• _PROBLEM STATEMENT_
Every line of the material below that holds the string "ordinary" should be copied.

▬▬▬▬▬▬▬▬▬▬

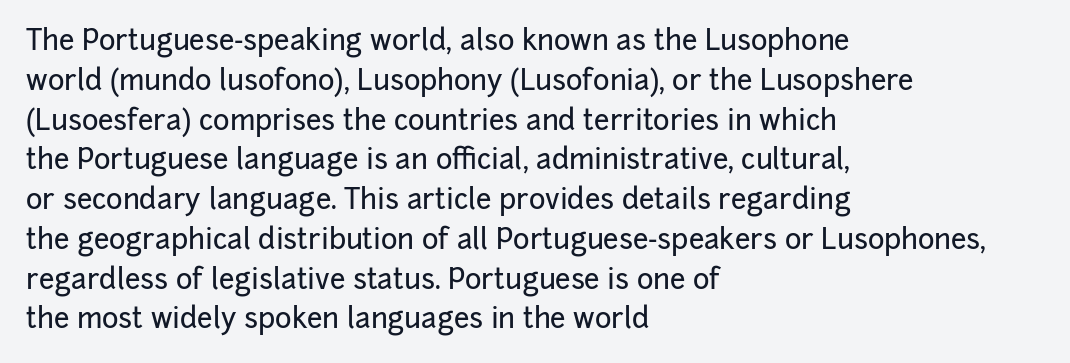
These lines were composed using upright roman letters. What stands out about the letter spacing? Nothing — it is the standard amount. A bare baseline throughout the passage. Are there feet on the stems? There aren't — it's a sans.
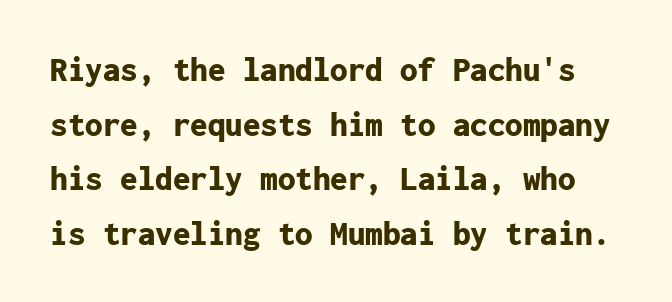
{"serif": "no", "italic": "no", "bold": "yes", "weight": "bold", "width": "normal", "stroke_contrast": "low", "x_height": "medium", "monospaced": "yes", "underline": "no", "line_spacing": "normal", "line_spacing_ratio": 1.56, "letter_spacing": "normal", "letter_spacing_em": 0.0, "glyph_px": 35}
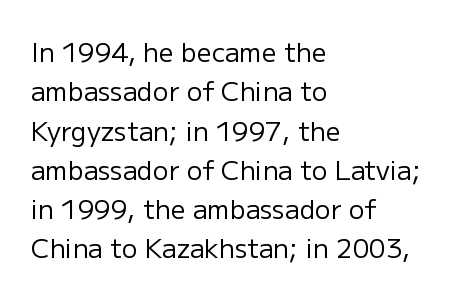
Q: Is the text bold? A: No.
Q: Is the text italic (slanted)? A: No, it is upright.
Q: Is the text underlined? A: No.
Q: How is the paragraph aligned? A: Left-aligned.
Q: Is the spacing between letters normal or unusually wide? A: Normal.
Q: Is the spacing between lines tight, normal or loose? A: Normal.
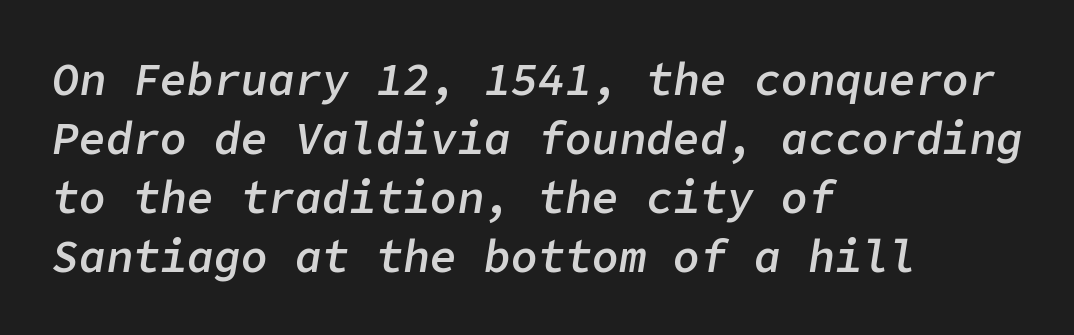
Q: Is the text bold? A: Semi-bold.
Q: Is the text italic (slanted)? A: Yes, it leans right by about 9 degrees.
Q: Is the text underlined? A: No.
Q: How is the paragraph aligned? A: Left-aligned.
Q: Is the spacing between letters normal or unusually wide? A: Normal.
Q: Is the spacing between lines tight, normal or loose? A: Normal.
Q: Width (condensed, normal, or wide)? A: Normal.
Q: Stroke contrast? A: Low.
Q: x-height? A: Medium.
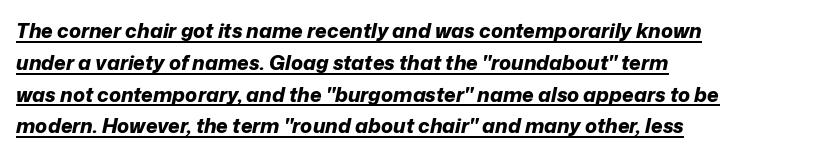
{"italic": "yes", "lean": "right", "slant_degrees": 12, "bold": "yes", "underline": "yes", "align": "left", "line_spacing": "normal", "line_spacing_ratio": 1.59, "letter_spacing": "normal", "letter_spacing_em": 0.0, "glyph_px": 20}
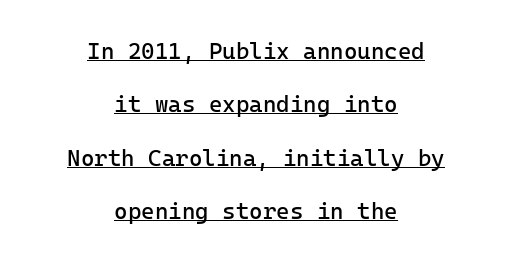
Q: Is the text bold? A: No.
Q: Is the text italic (slanted)? A: No, it is upright.
Q: Is the text underlined? A: Yes.
Q: How is the paragraph aligned? A: Centered.
Q: Is the spacing between letters normal or unusually wide? A: Normal.
Q: Is the spacing between lines tight, normal or loose? A: Loose.
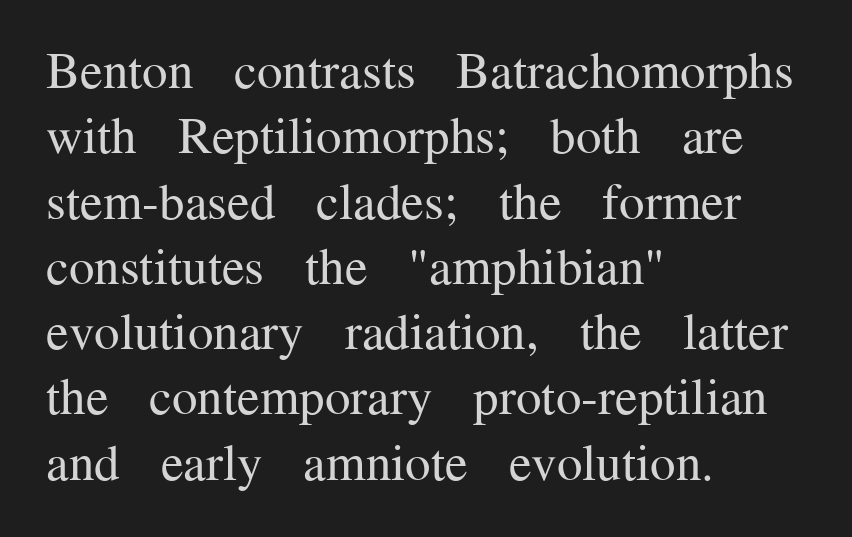
{"serif": "yes", "italic": "no", "bold": "no", "weight": "regular", "width": "normal", "stroke_contrast": "medium", "x_height": "medium", "monospaced": "no", "underline": "no", "align": "left", "line_spacing": "normal", "line_spacing_ratio": 1.28, "letter_spacing": "normal", "letter_spacing_em": 0.0, "glyph_px": 51}
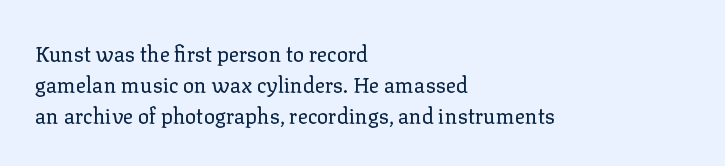
Q: Is the text bold? A: No.
Q: Is the text italic (slanted)? A: No, it is upright.
Q: Is the text underlined? A: No.
Q: How is the paragraph aligned? A: Left-aligned.
Q: Is the spacing between letters normal or unusually wide? A: Normal.
Q: Is the spacing between lines tight, normal or loose? A: Normal.
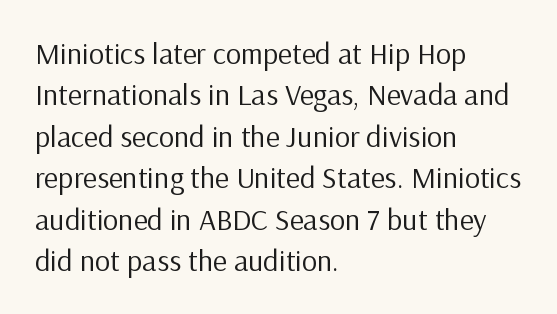
Notice how the stems are strictly vertical — no italics here. Type without underlining. Layout note: lines flush left. The face used here is rendered with its standard letterfit. The face used here is proportionally spaced, like ordinary book or web type.
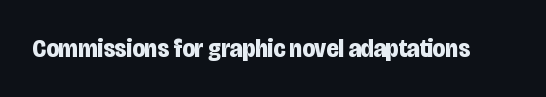
Only glyphs here, with clear space below each row. Rendered with straight, roman letterforms. The glyphs have the mass of a bold cut. Observe the ordinary spacing: letters are neighbours, not strangers.
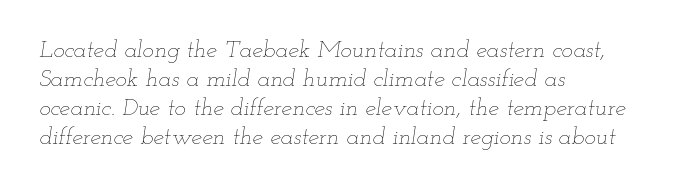
The type is set solid horizontally, with unmodified tracking. The strip under each line holds only bare page. This reads as an unemphasized weight, regular at the heaviest. Line beginnings align vertically; line endings do not. Quick note: italic.
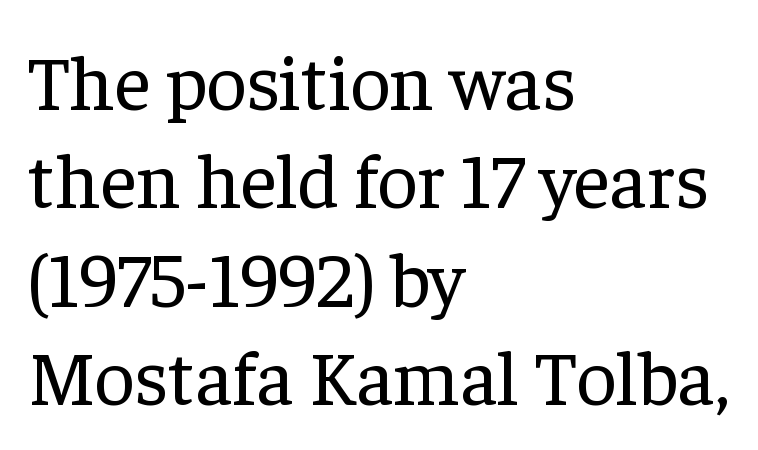
Q: Is the text bold? A: No.
Q: Is the text italic (slanted)? A: No, it is upright.
Q: Is the typeface a serif or a sans-serif typeface? A: Serif.
Q: Is the text underlined? A: No.
Q: How is the paragraph aligned? A: Left-aligned.
Q: Is the spacing between letters normal or unusually wide? A: Normal.
Q: Is the spacing between lines tight, normal or loose? A: Normal.
Q: Width (condensed, normal, or wide)? A: Normal.
Q: Stroke contrast? A: Low.
Q: x-height? A: Medium.
Q: Monospaced? A: No.
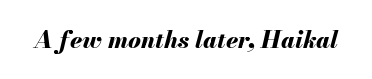
{"italic": "yes", "lean": "right", "slant_degrees": 13, "bold": "yes", "underline": "no", "letter_spacing": "normal", "letter_spacing_em": 0.0, "glyph_px": 24}
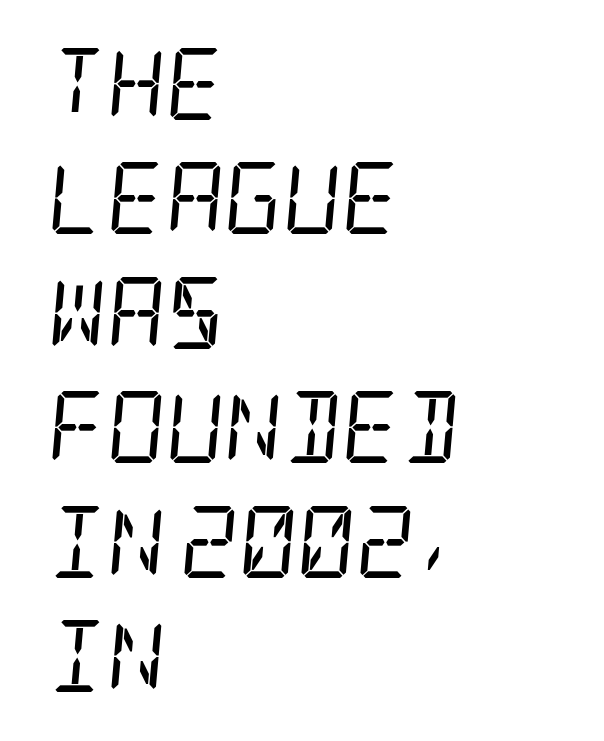
Q: Is the text bold? A: No.
Q: Is the text italic (slanted)? A: Yes, it leans right by about 5 degrees.
Q: Is the typeface a serif or a sans-serif typeface? A: Serif.
Q: Is the text underlined? A: No.
Q: How is the paragraph aligned? A: Left-aligned.
Q: Is the spacing between letters normal or unusually wide? A: Normal.
Q: Is the spacing between lines tight, normal or loose? A: Normal.
Q: Width (condensed, normal, or wide)? A: Condensed.
Q: Stroke contrast? A: Low.
Q: x-height? A: Large.
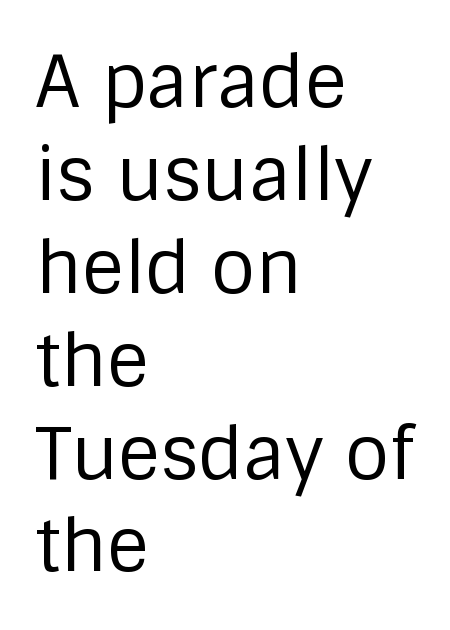
Are there feet on the stems? There aren't — it's a sans. Varying glyph widths throughout — classic text-font behaviour. Evenly set lines give the paragraph a standard silhouette. The characters are drawn with everyday or finer stroke widths.
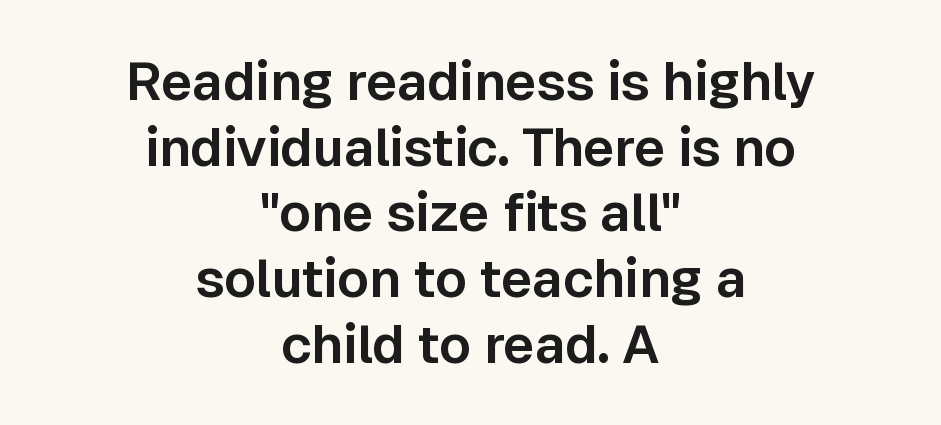
Each word holds together tightly as a unit, with standard inter-letter gaps. The type family on display is of the sans-serif kind. This sample has the flowing, uneven cadence of proportional lettering. The strip under each line holds only bare page. Notice how the stems are strictly vertical — no italics here. The lines in this sample share a center point and differ in where they start and stop.
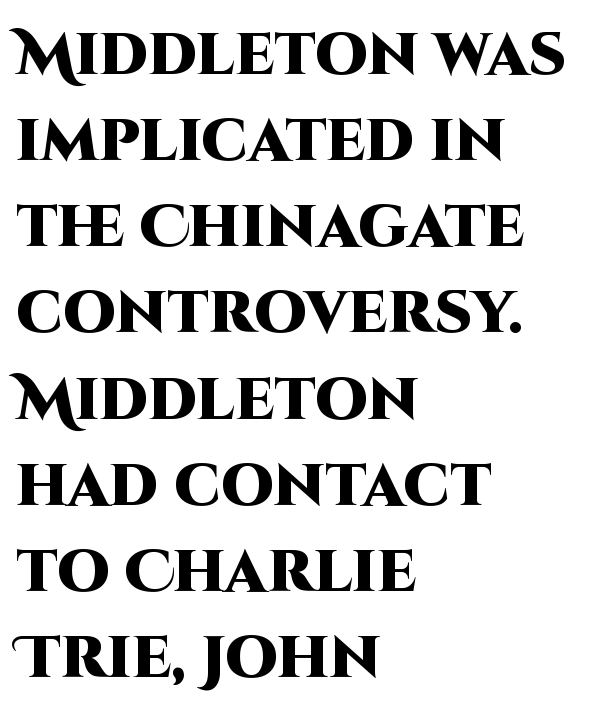
Serifs: no, the terminals of the letterforms are clean. In CSS terms this would be text-align: left. These lines keep a tight, regular rhythm from letter to letter. Do the letters lean? They stand straight. Its strokes are broad and dark, the hallmark of bold type. A bare baseline throughout the passage.
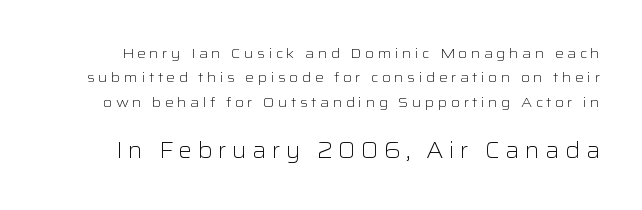
The letters stand straight up with perfectly vertical stems. The block sitting lower on the canvas is the one with enlarged characters. Display-style spreading of the glyphs; the letterfit is very open. The weight would be labelled regular, book, light, or lighter still. A clean baseline with only descenders dipping below it.
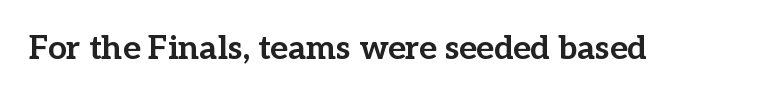
{"serif": "yes", "italic": "no", "bold": "yes", "weight": "bold", "width": "normal", "stroke_contrast": "low", "x_height": "medium", "monospaced": "no", "underline": "no", "letter_spacing": "normal", "letter_spacing_em": 0.0, "glyph_px": 33}
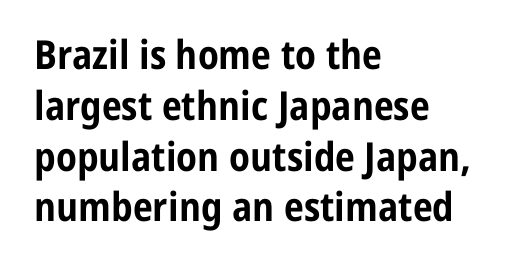
{"serif": "no", "italic": "no", "bold": "yes", "weight": "bold", "width": "condensed", "stroke_contrast": "low", "x_height": "medium", "monospaced": "no", "underline": "no", "align": "left", "line_spacing": "normal", "line_spacing_ratio": 1.27, "letter_spacing": "normal", "letter_spacing_em": 0.0, "glyph_px": 40}
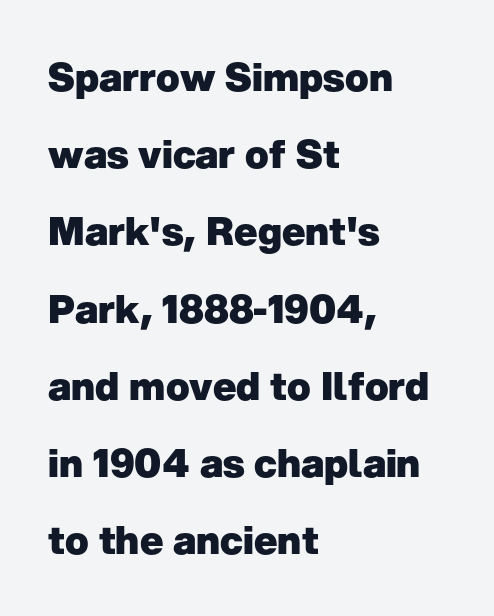
{"serif": "no", "italic": "no", "bold": "yes", "weight": "heavy", "width": "normal", "stroke_contrast": "low", "x_height": "medium", "monospaced": "no", "underline": "no", "align": "left", "line_spacing": "loose", "line_spacing_ratio": 1.98, "letter_spacing": "normal", "letter_spacing_em": 0.0, "glyph_px": 39}
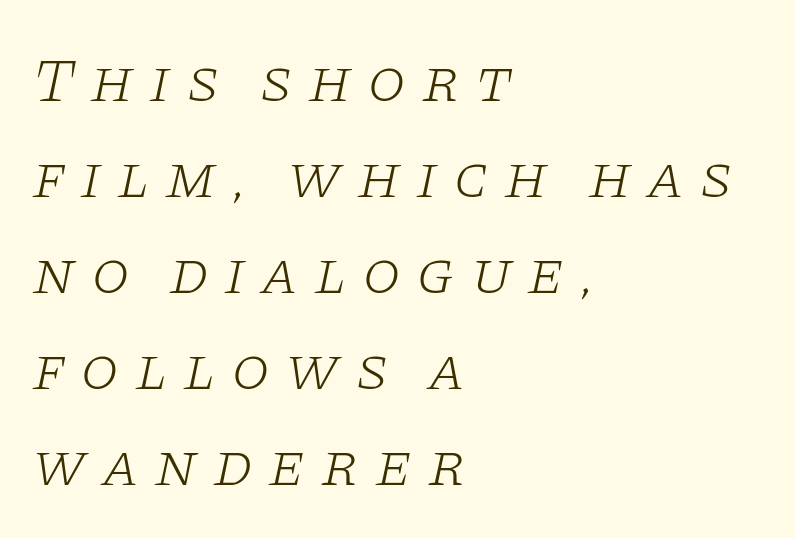
The image shows 62 px light, wide serif type, italic (leaning right); set left-aligned, normal line spacing (1.55x), unusually wide letter spacing (+0.24 em), not underlined; low stroke contrast and a large x-height.
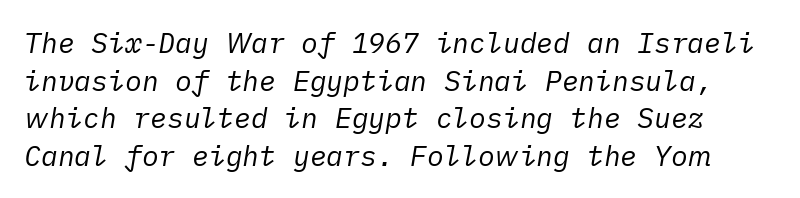
Q: Is the text bold? A: No.
Q: Is the text italic (slanted)? A: Yes, it leans right by about 10 degrees.
Q: Is the text underlined? A: No.
Q: Is the spacing between letters normal or unusually wide? A: Normal.
Q: Is the spacing between lines tight, normal or loose? A: Normal.
Q: Width (condensed, normal, or wide)? A: Normal.
Q: Stroke contrast? A: Low.
Q: x-height? A: Medium.

▬▬▬▬▬▬▬▬▬▬

• _YOUR RESPONSE_
Notice how the stems are strictly vertical — no italics here. Type without underlining. Layout note: lines flush left. The face used here is rendered with its standard letterfit. The face used here is proportionally spaced, like ordinary book or web type.
Only glyphs here, with clear space below each row. Rendered with straight, roman letterforms. The glyphs have the mass of a bold cut. Observe the ordinary spacing: letters are neighbours, not strangers.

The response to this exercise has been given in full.